26. 8. 41. Сегодня все копаем противовоздушные щели. По состоянию здоровья я не подлежу никакой мобилизации. Но чтобы получить увольнительную записку, я должна идти в амбулаторию и проделать все формальности в «общем порядке», т.е. простоять в очереди несколько часов. И хотя врач, который освобождает от работы наш район, ежедневно бывает у меня для лечения, она не может выписать мне эту увольнительную дома. Я не пошла в больницу, а пошла на работу. Это все же легче. Таскаю доски, отгребаю землю. Вообще ковыряюсь. Да и противно сидеть дома, когда все отбывают каторгу. Наша щель в Пушкинском садике. Все время воздушные тревоги. Но бомбят пока только аэродром. По радио непрерывно сообщения о победе над немцами «части боевого командира такого-то». Ни названия, ни местности, ни даже направления. А бомбежки все ближе и чаще.
27. 8. 41. Женщины с детьми и старики, которых направили на эвакуацию, вот уже пятый день сидят на площади перед вокзалом. Поездов нет, но отлучаться на квартиры нельзя. Окружены милицией. Воды нет никакой, но зато есть плакаты: «Пейте только кипяченую воду». Говорят, что установлены два случая дизентерии у детей. Ночью шел дождь. Все вымокли. Дети кашляют. Поезда иногда подаются, но на них попадают только парт- и ответработники. Попытались было некоторые женщины организовать передачу кипяченой воды и горячей пищи детям – запретили: советские граждане не нуждаются в частной благотворительности. О них заботится государство. По этому поводу я совершенно [откровен]но и безо всяких фиговых листков и умолчаний поругалась с М.Н. – моим врачом. Ее муж сейчас является секретарем ячейки эвакуационного бюро. Воды нет, а вот ячейка уже готова. Конечно, ничего из моей ругачки не вышло. Господи, когда же, наконец, придут немцы и прекратится этот бедлам!

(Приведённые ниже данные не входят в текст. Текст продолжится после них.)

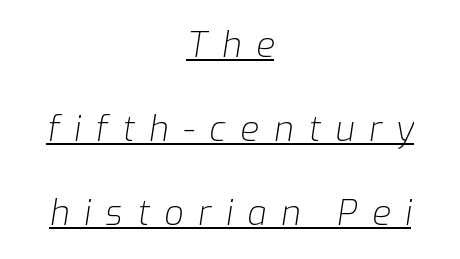
Q: Is the text bold? A: No.
Q: Is the text italic (slanted)? A: Yes, it leans right by about 9 degrees.
Q: Is the text underlined? A: Yes.
Q: How is the paragraph aligned? A: Centered.
Q: Is the spacing between letters normal or unusually wide? A: Unusually wide.
Q: Is the spacing between lines tight, normal or loose? A: Loose.
Q: Width (condensed, normal, or wide)? A: Normal.
Q: Stroke contrast? A: Low.
Q: x-height? A: Medium.
Q: Monospaced? A: No.
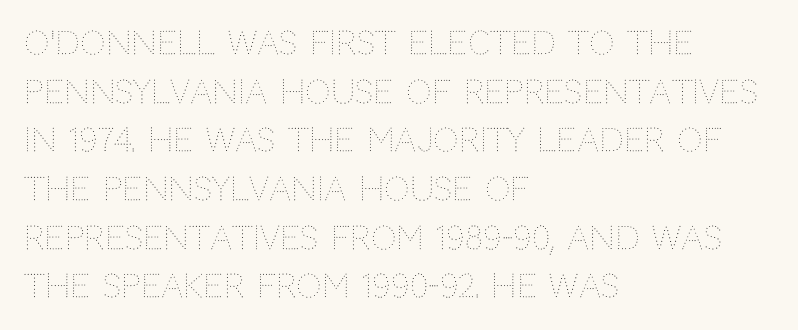
Q: Is the text bold? A: No.
Q: Is the text italic (slanted)? A: No, it is upright.
Q: Is the text underlined? A: No.
Q: How is the paragraph aligned? A: Left-aligned.
Q: Is the spacing between letters normal or unusually wide? A: Normal.
Q: Is the spacing between lines tight, normal or loose? A: Normal.
Q: Width (condensed, normal, or wide)? A: Normal.
Q: Stroke contrast? A: Medium.
Q: x-height? A: Large.
Q: Monospaced? A: No.

Ужасные вещи рассказывала нам сегодня О.Г., которая убежала из больницы в одном платье, случайно не сданном в камеру хранения. Белье, туфли, пальто – все осталось там. Самое же страшное это то, что паспорт остался в канцелярии больницы. Пришел приказ об эвакуации больных и всей больницы. Немедленно оказались запертыми все входы, и больных стали грузить на грузовики. Кого в одежде больницы, кого только в белье. Тяжелых больных и недавно оперированных клали на дно, а легко больные и выздоравливающие должны были стоять у бортов. Никакие просьбы больных отпустить их домой не помогали. Несколько человек, в том числе и О.Г. (после операции аппендицита), перелезли через забор заднего двора и сбежали. В результате такой гимнастики у О.Г. разошлись швы, но она боится позвать врача, чтобы ее не обвинили в «дезертирстве» (до чего же все-таки можно довести человека! Ушла из больницы – дезертир). Страшно волнуется из-за паспорта. Мы ее успокаиваем, что все это чепуха, сейчас нашему заботливому правительству не до паспортов.
Я привела к ней М.Н., которая, не задав ни одного вопроса о причинах, сделала ей перевязку и приказала лежать. По-видимому, поняла «причины». С больницей увезли дочку нашей соседки восьми лет, которой только позавчера оперировали гланды. Мать почти помешалась. И есть из-за чего. «Забота», которую проявляет о своих гражданах наше правительство, известна всем, и у бедной матери, конечно, нет почти никакой надежды увидеть свою девочку. И ничего, ничего мы не можем поделать с этими негодяями! Когда же конец?
Бомбят все сильнее и чаще.
28. 8. 41. Сегодня мимо нашего дома проехал грузовик, наполненный старыми табуретками, вешалками и прочей рухлядью. По-видимому, эвакуируется какая-то пошивочная мастерская, и директор ответственен «за инвентарь». И в то же время из Ленинграда непрерывно движется толпа людей с детскими колясочками и тележками. Для них транспорта нет, как не было его и для мастериц этой самой мастерской. Люди ищут спасения по-своему. Одни пробираются тайком в Ленинград, другие, тоже тайком, из него бегут. Все это «своими силами», своим разумением. Из Ленинграда никакой официальной эвакуации нет. Но учреждения, инвентарь и оборудование вывозятся. А люди должны сидеть на месте. Говорят, что около Вишеры милиция приказала таким вот пешеходным эвакуантам вернуться обратно. Это более ста километров!
Бомбят где-то очень близко. Сидим на полу и играем в «слова».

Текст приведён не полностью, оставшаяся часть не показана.